* **Problem requirements**
Once the line containing "[00:07:05.6]" is reached, copy it and every line after it exactly, to the end of the material, without pictures.

* **Provided records**
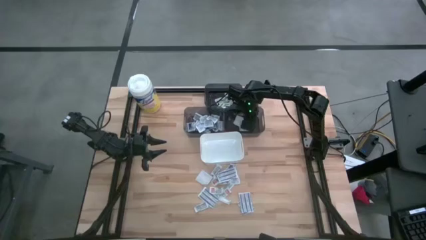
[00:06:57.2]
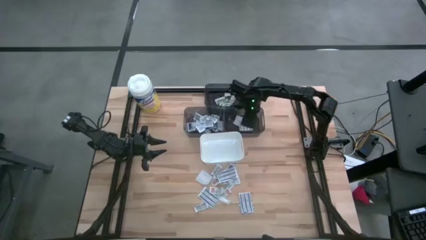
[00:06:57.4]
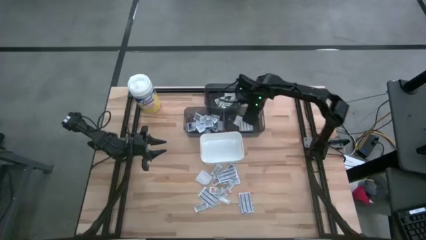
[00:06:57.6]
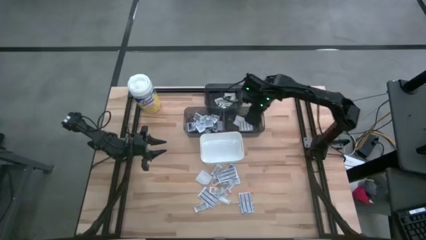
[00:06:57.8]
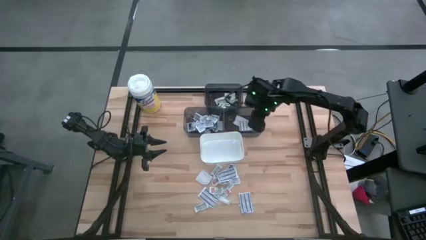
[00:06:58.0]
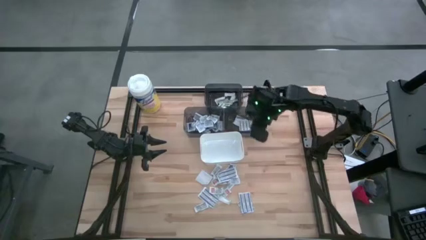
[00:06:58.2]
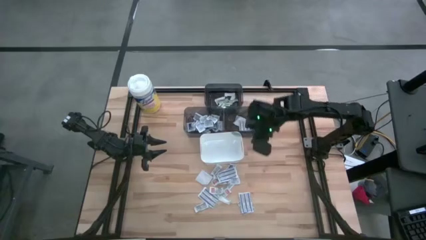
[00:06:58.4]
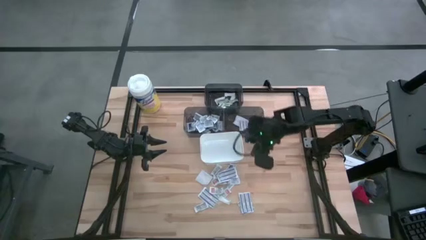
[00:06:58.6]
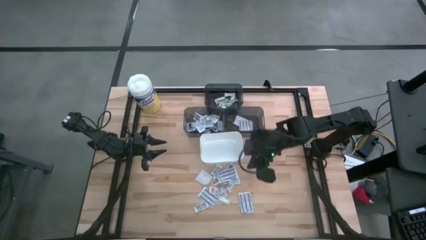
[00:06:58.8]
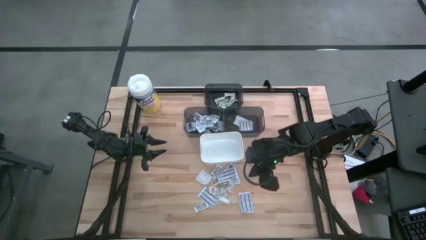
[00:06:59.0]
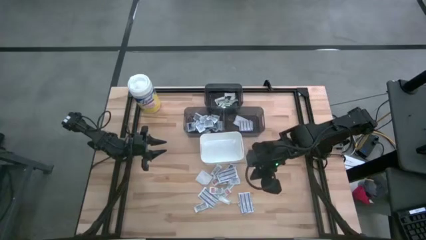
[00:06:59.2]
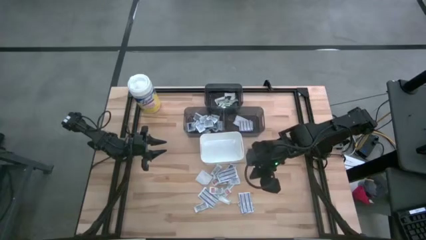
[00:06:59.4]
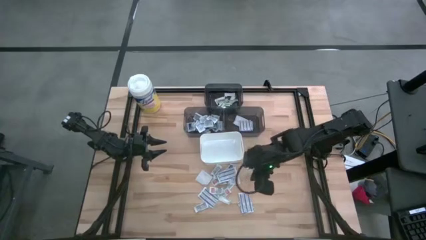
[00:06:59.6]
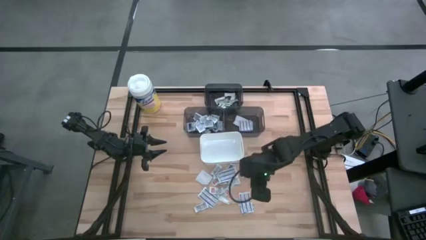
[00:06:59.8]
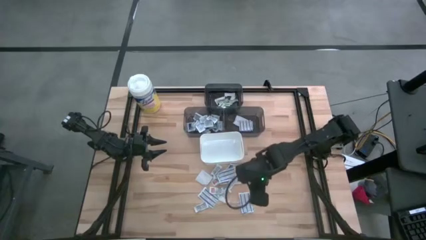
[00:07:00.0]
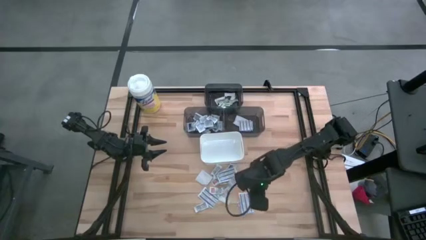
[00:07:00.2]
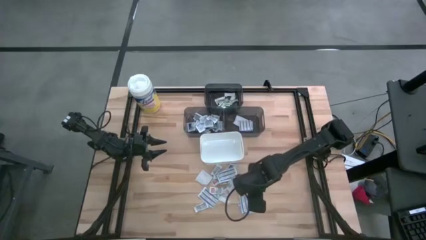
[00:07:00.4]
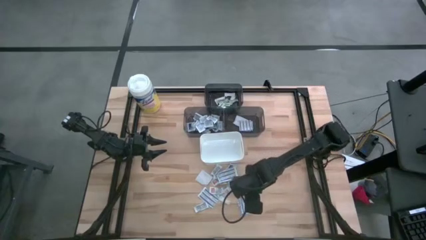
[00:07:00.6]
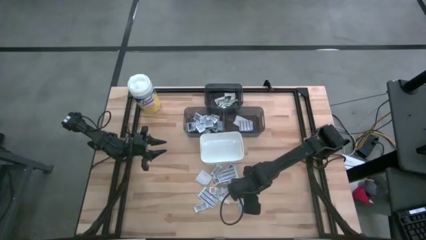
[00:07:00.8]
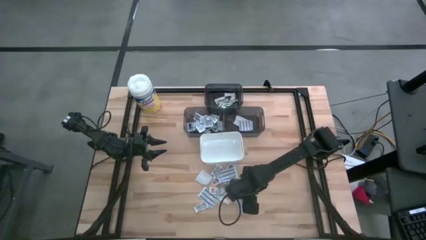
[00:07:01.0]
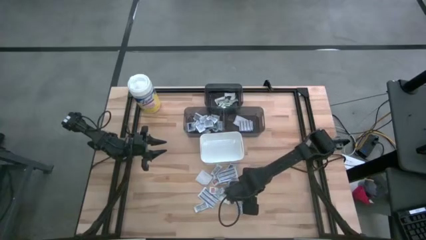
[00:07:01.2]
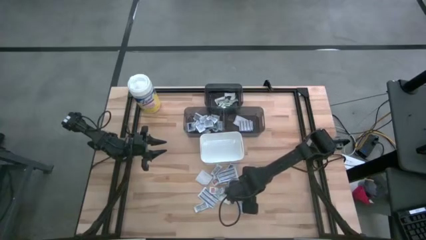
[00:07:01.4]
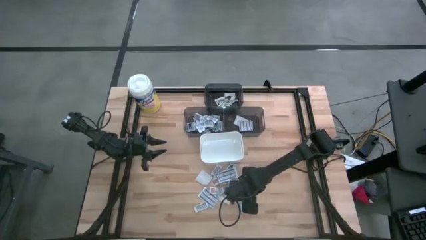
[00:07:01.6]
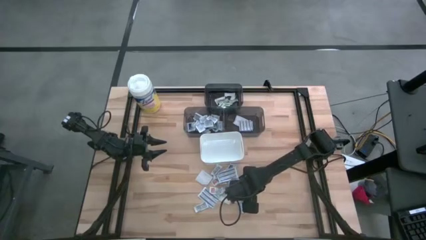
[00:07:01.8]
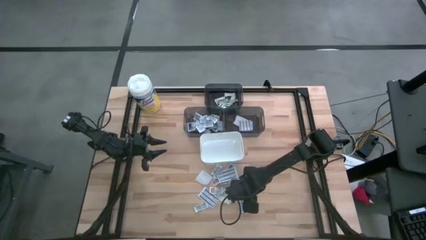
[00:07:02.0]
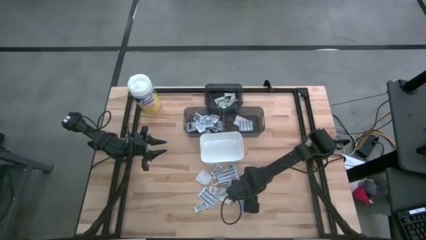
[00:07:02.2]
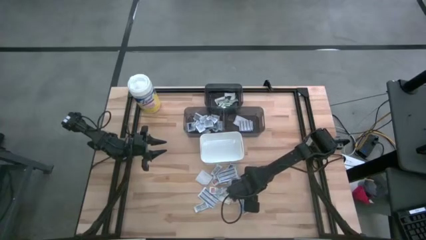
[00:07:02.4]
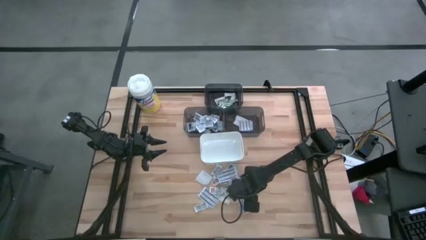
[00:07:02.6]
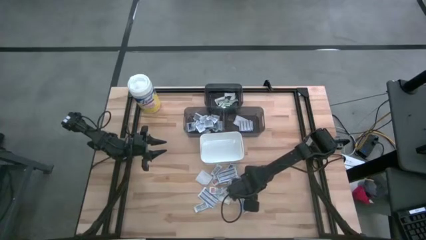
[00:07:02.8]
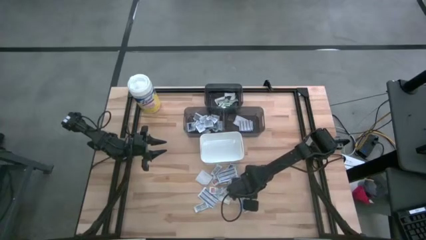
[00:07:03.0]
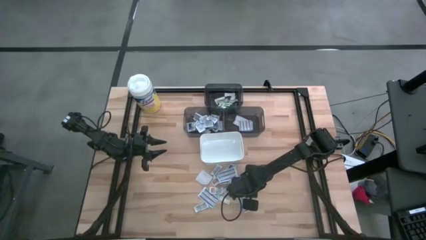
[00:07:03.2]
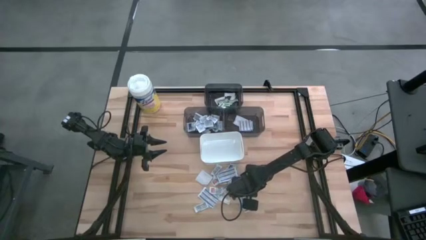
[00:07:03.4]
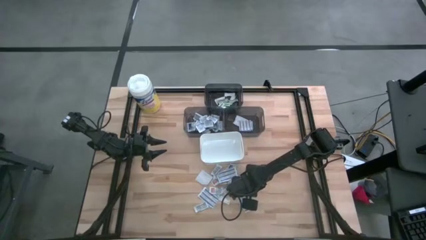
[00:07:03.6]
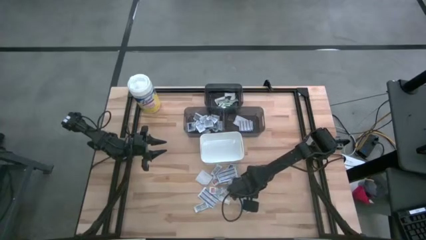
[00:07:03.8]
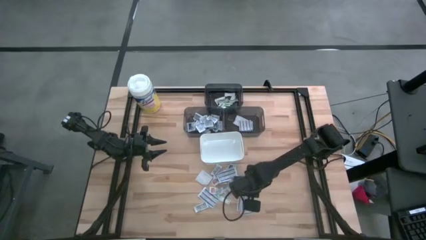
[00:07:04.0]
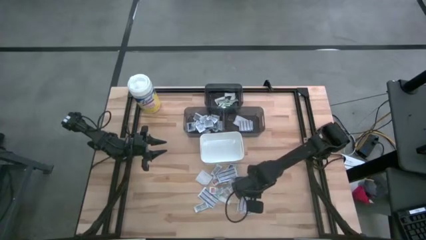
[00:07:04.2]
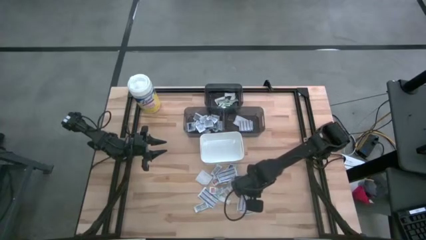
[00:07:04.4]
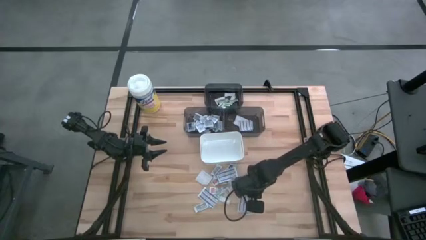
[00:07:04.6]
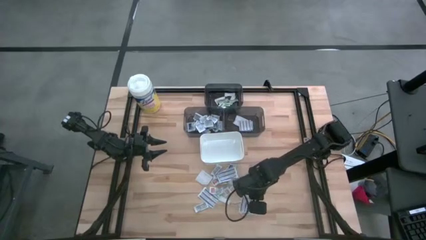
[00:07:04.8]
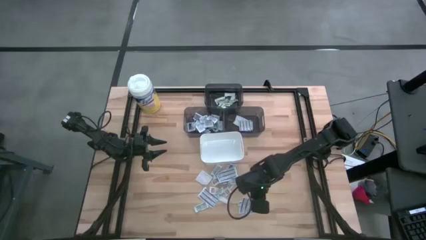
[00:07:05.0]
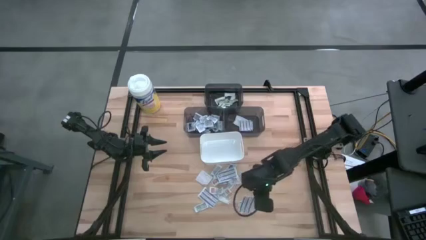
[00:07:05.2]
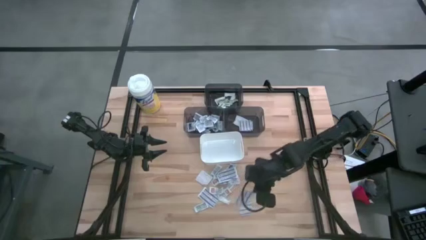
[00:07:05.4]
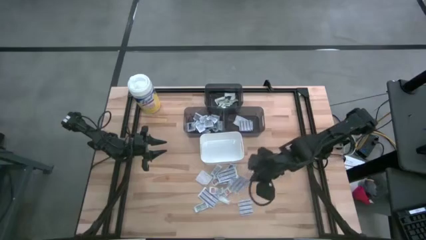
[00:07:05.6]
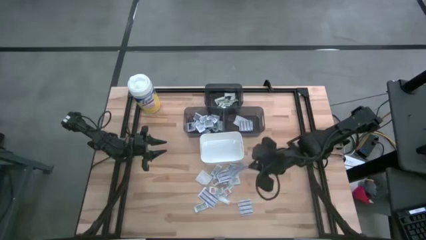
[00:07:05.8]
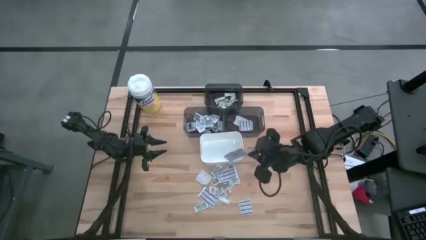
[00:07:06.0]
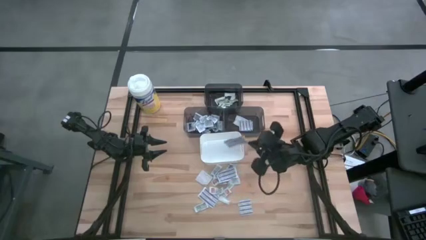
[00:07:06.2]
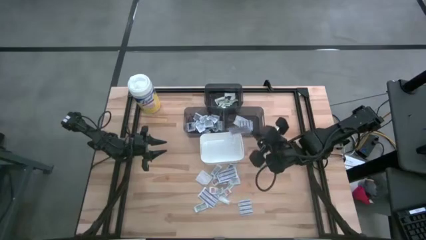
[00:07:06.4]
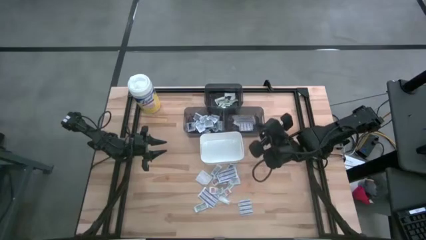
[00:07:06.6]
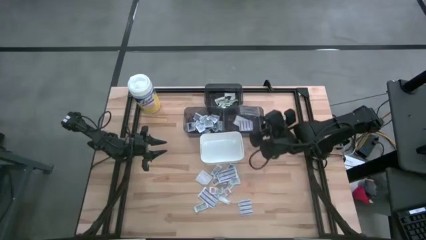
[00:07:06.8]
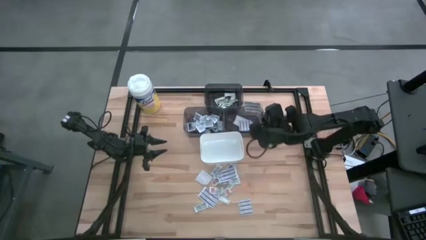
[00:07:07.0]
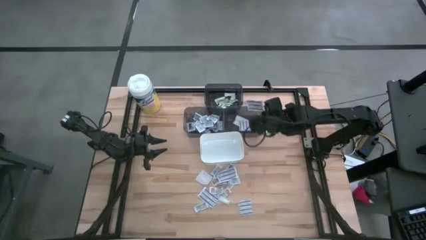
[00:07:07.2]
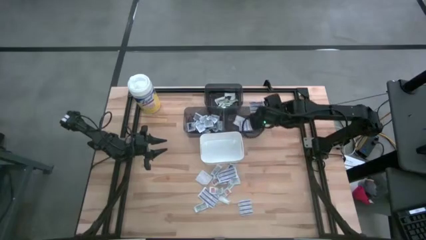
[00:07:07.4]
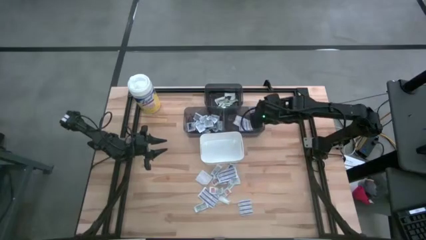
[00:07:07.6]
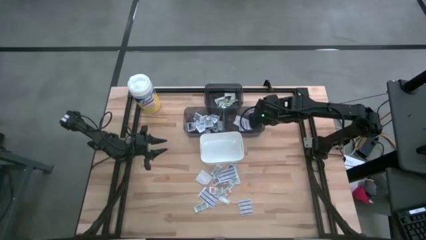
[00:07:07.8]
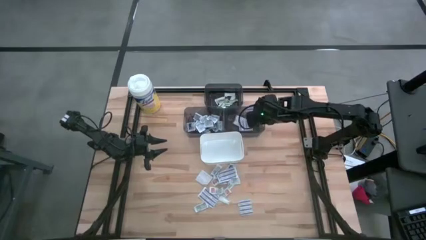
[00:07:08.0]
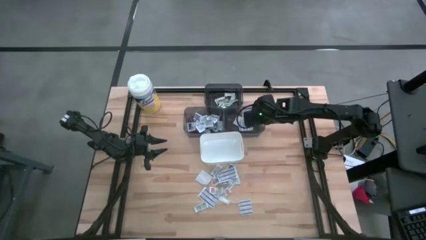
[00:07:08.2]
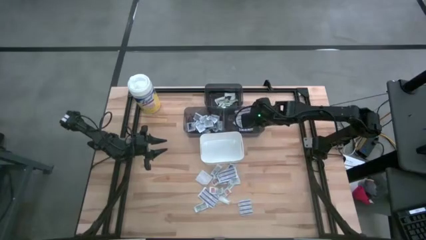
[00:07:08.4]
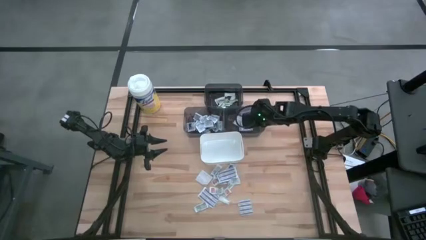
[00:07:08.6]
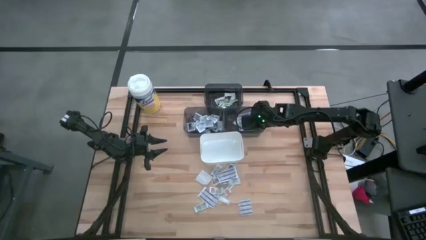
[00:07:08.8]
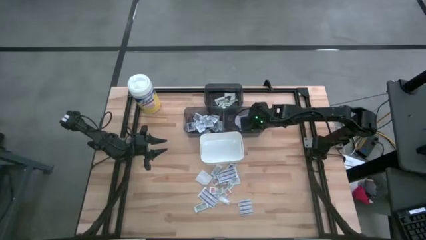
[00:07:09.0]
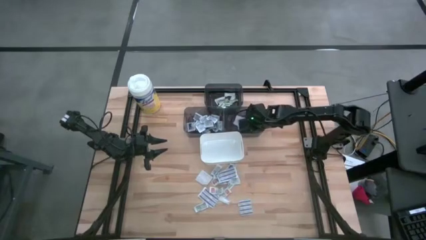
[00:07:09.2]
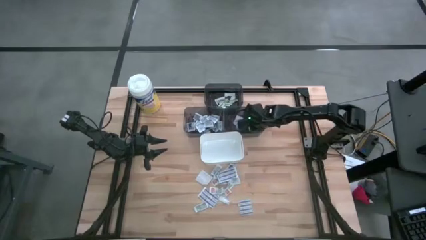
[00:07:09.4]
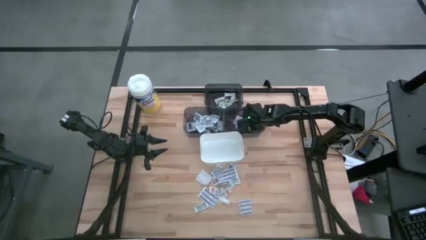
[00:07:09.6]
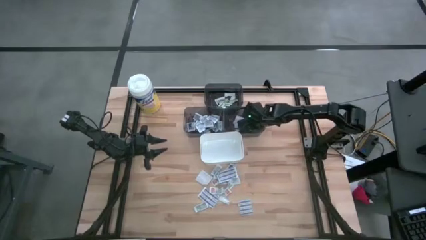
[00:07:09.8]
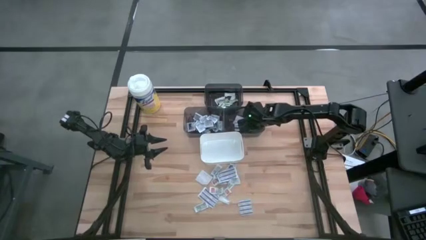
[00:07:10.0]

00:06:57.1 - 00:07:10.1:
Task: Pick & Place First Aid Supplies
Put the blue bandage into the right black bin

* **Solution to this exercise**
[00:07:05.6]
[00:07:05.8]
[00:07:06.0]
[00:07:06.2]
[00:07:06.4]
[00:07:06.6]
[00:07:06.8]
[00:07:07.0]
[00:07:07.2]
[00:07:07.4]
[00:07:07.6]
[00:07:07.8]
[00:07:08.0]
[00:07:08.2]
[00:07:08.4]
[00:07:08.6]
[00:07:08.8]
[00:07:09.0]
[00:07:09.2]
[00:07:09.4]
[00:07:09.6]
[00:07:09.8]
[00:07:10.0]

00:06:57.1 - 00:07:10.1:
Task: Pick & Place First Aid Supplies
Put the blue bandage into the right black bin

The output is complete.